* [THE PROBLEM]: Without any pictures, retype exactly the lines that begin at the one holding "Recursos del Aire" and end at the last line of the data below.

* [DATASET EXTRACT]:

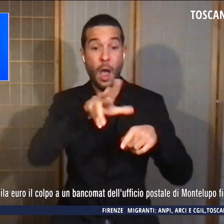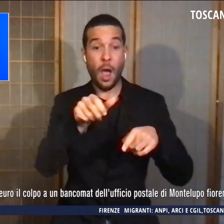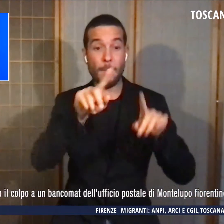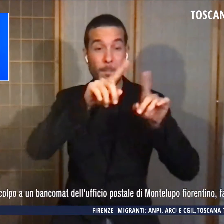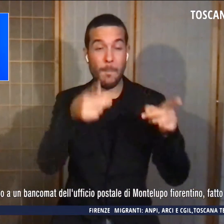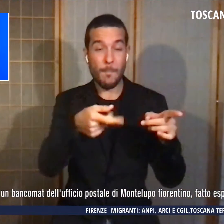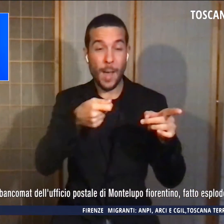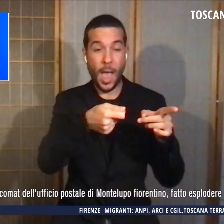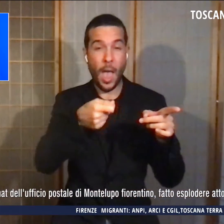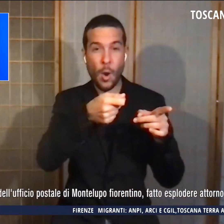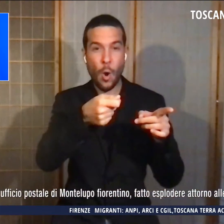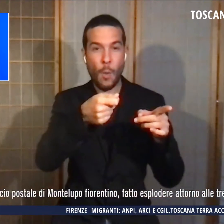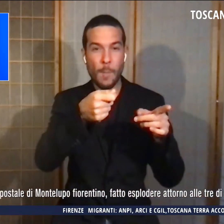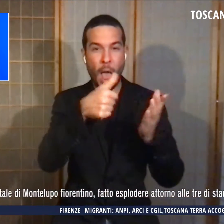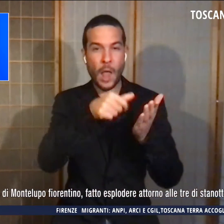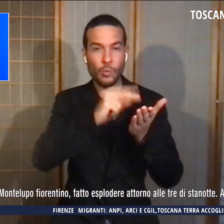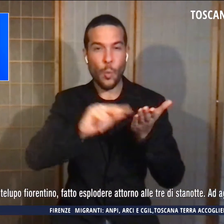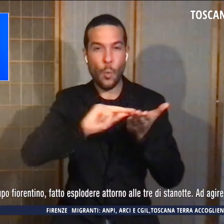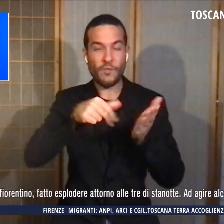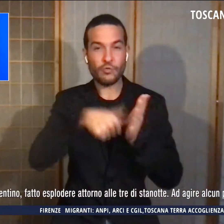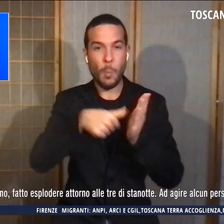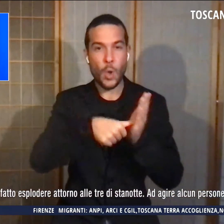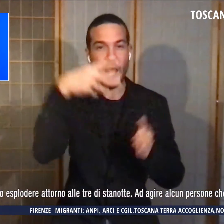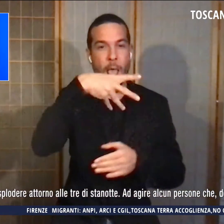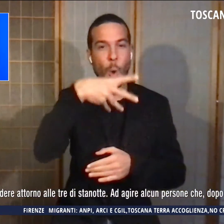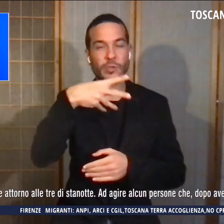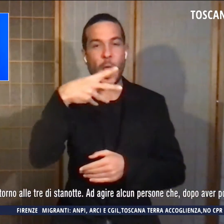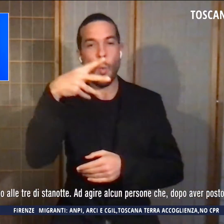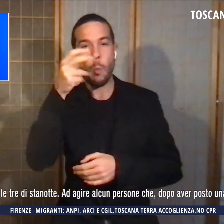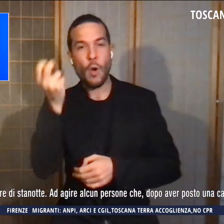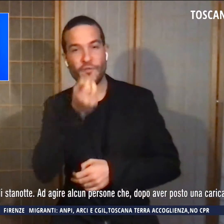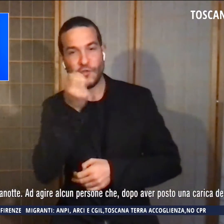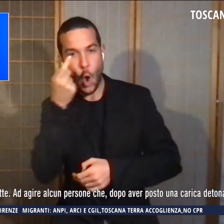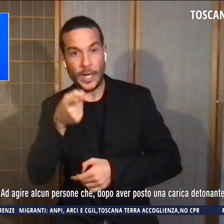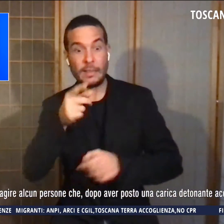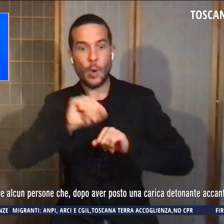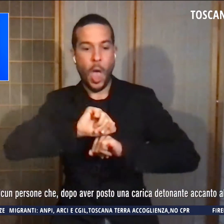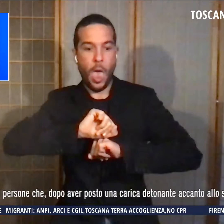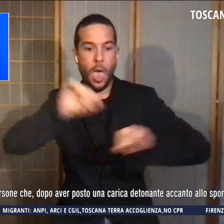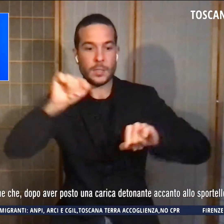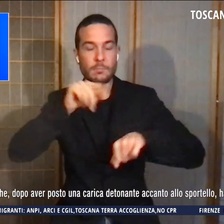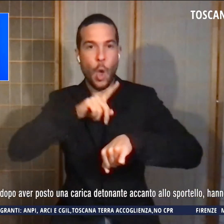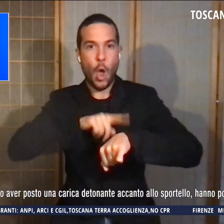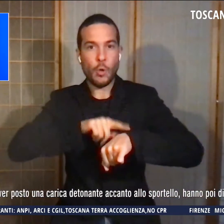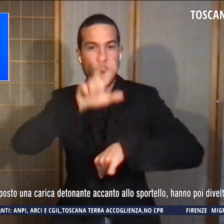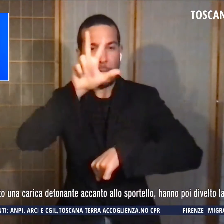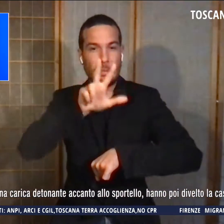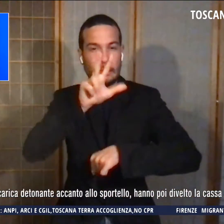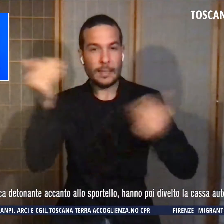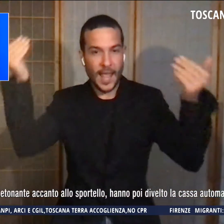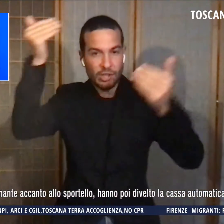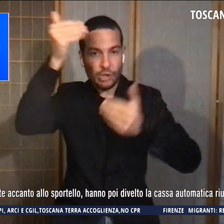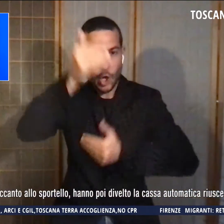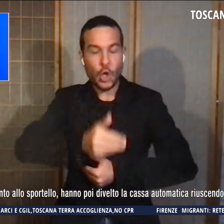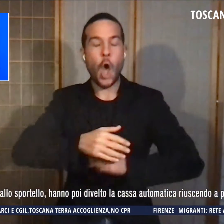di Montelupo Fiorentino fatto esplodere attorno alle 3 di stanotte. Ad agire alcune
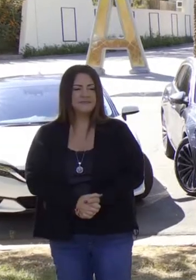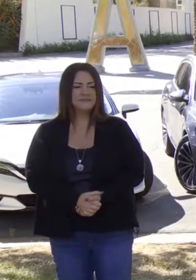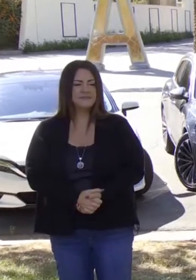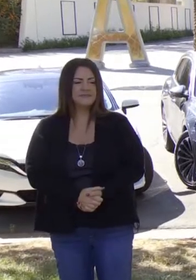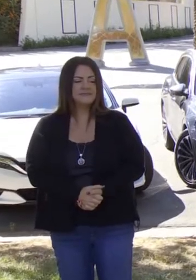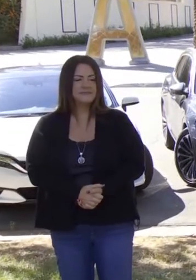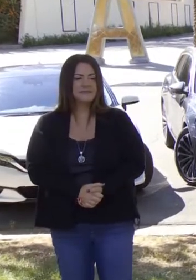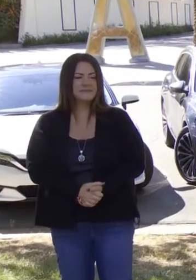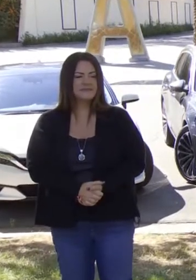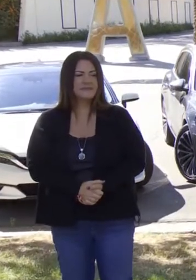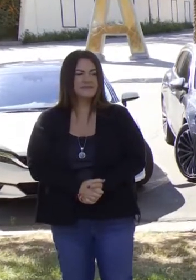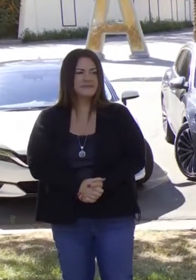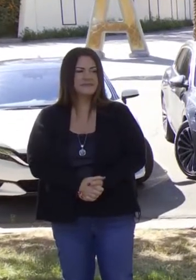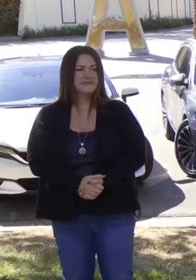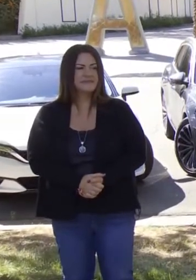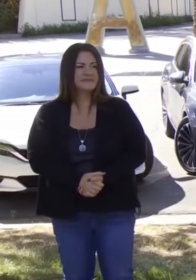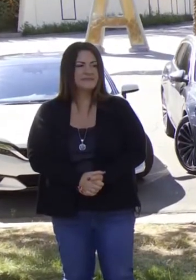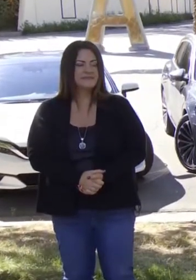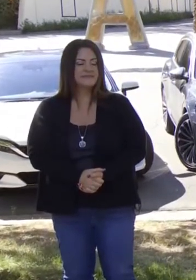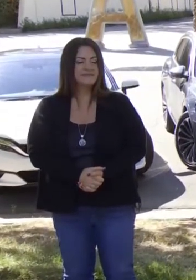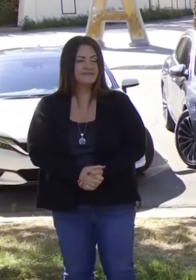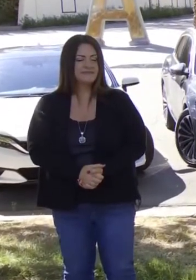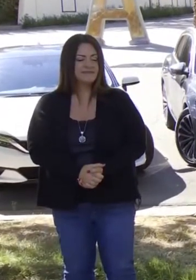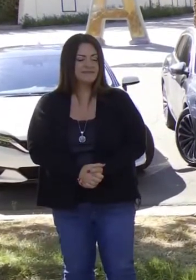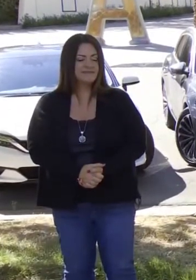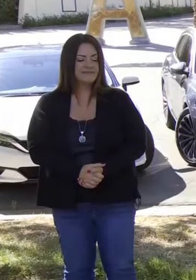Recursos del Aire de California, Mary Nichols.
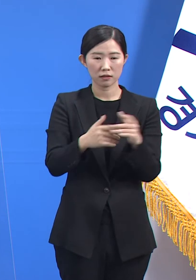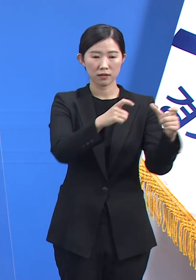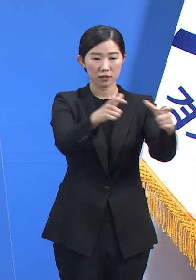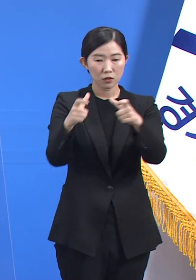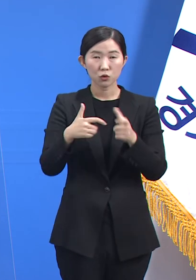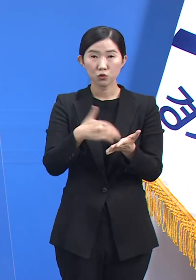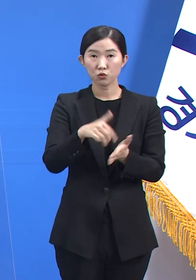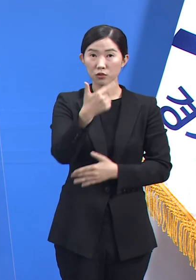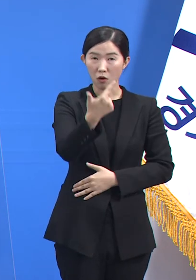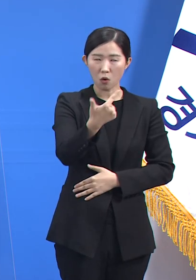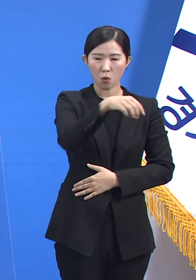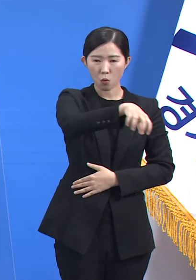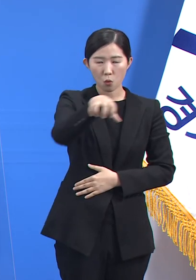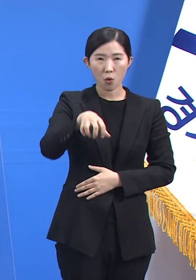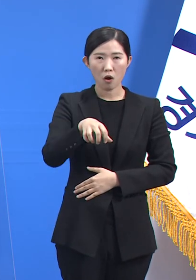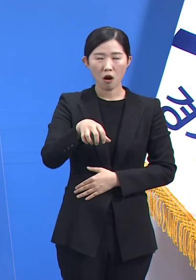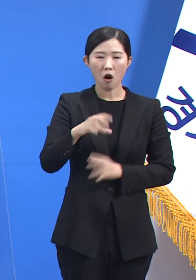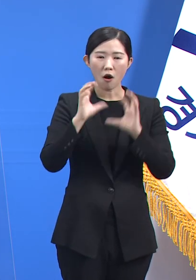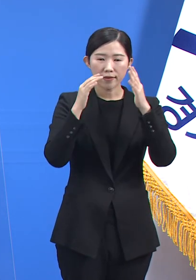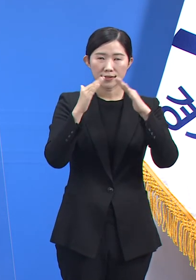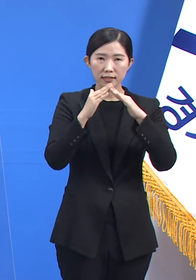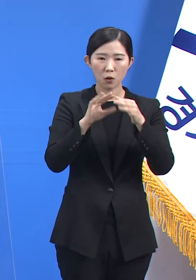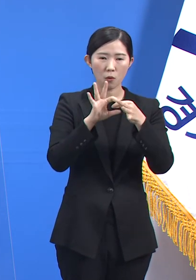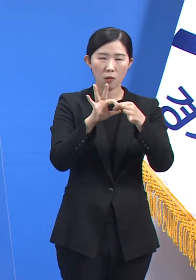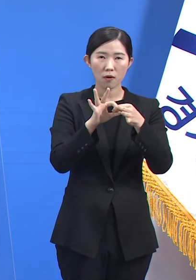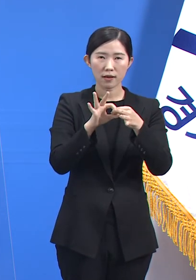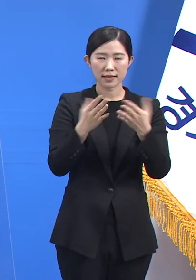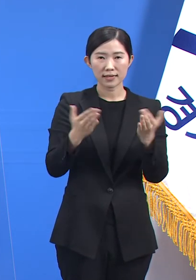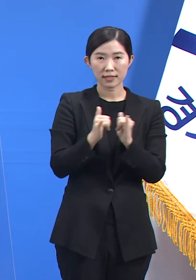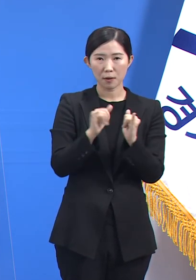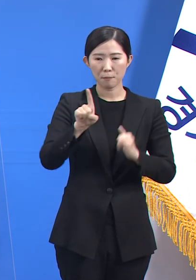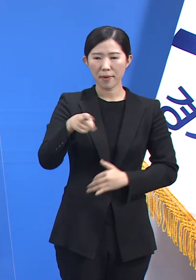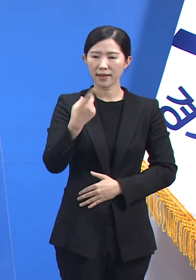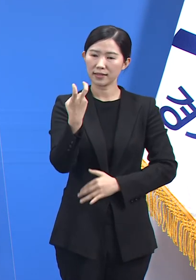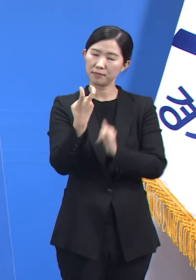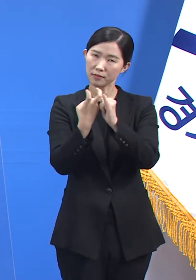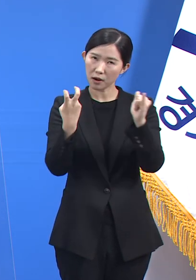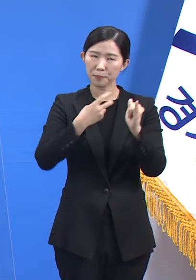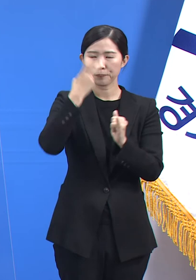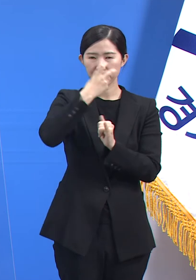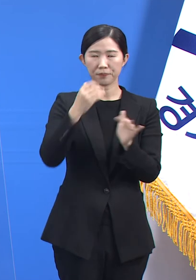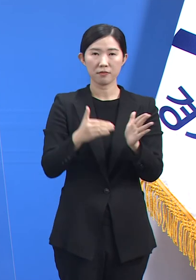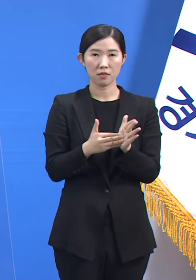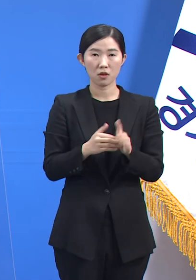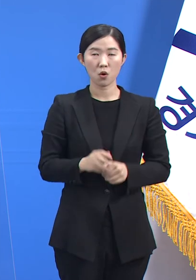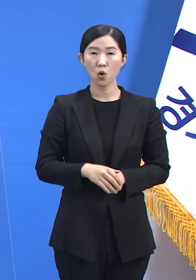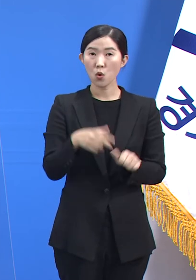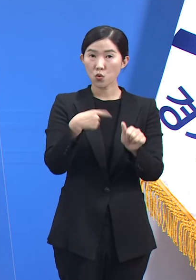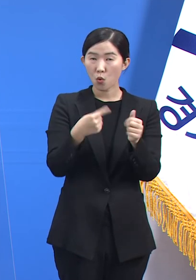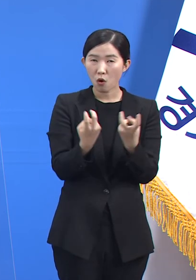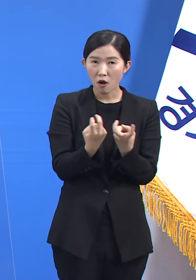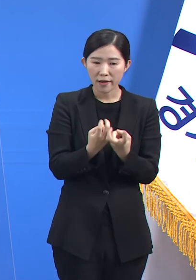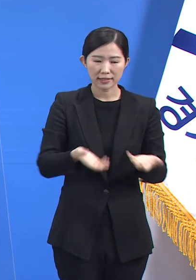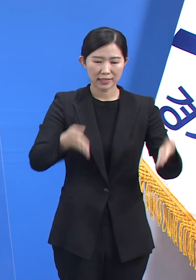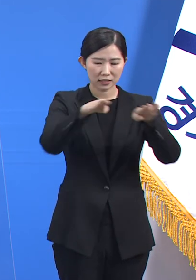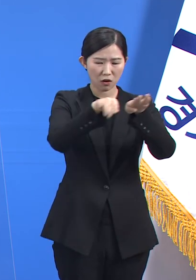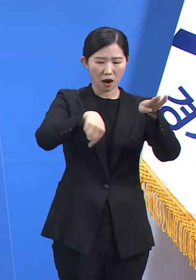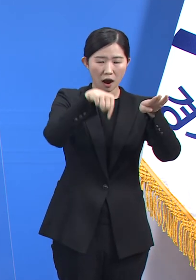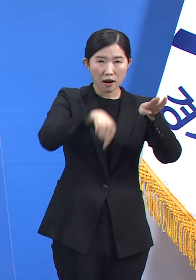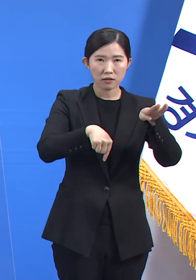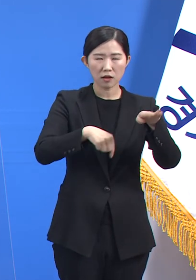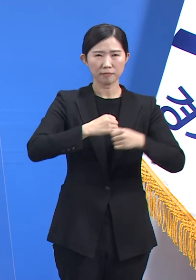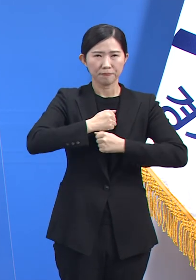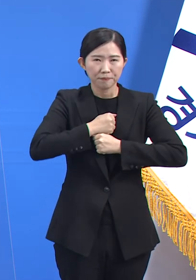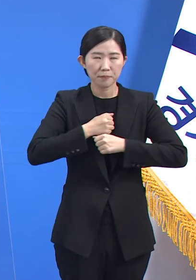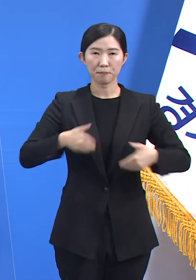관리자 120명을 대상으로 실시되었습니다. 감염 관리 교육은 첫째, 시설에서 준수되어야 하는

* [RESPONSE BOX]:
Recursos del Aire de California, Mary Nichols.
관리자 120명을 대상으로 실시되었습니다. 감염 관리 교육은 첫째, 시설에서 준수되어야 하는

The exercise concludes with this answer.